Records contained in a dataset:
::::

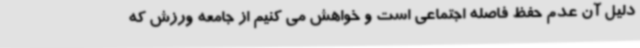
دلیل آن عدم حفظ فاصله اجتماعی است و خواهش می کنیم از جامعه ورزش که
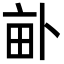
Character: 𤱈
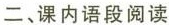
二、课内语段阅读
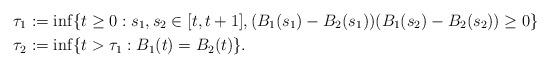
LaTeX: \begin{align*}\tau_1 & := \inf\{ t \geq 0: s_1, s_2\in [t, t+1], (B_1(s_1) - B_2(s_1))(B_1(s_2) - B_2(s_2)) \geq 0 \} \\\tau_2 & := \inf\{ t > \tau_1 : B_1(t) = B_2(t)\}. \end{align*}
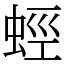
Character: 蛵

::::

__YOUR OBJECTIVE__: Print all the records exactly, minus any images.

__SOLUTION TO THIS PROBLEM__:
دلیل آن عدم حفظ فاصله اجتماعی است و خواهش می کنیم از جامعه ورزش که
Character: 𤱈
二、课内语段阅读
LaTeX: \begin{align*}\tau_1 & := \inf\{ t \geq 0: s_1, s_2\in [t, t+1], (B_1(s_1) - B_2(s_1))(B_1(s_2) - B_2(s_2)) \geq 0 \} \\\tau_2 & := \inf\{ t > \tau_1 : B_1(t) = B_2(t)\}. \end{align*}
Character: 蛵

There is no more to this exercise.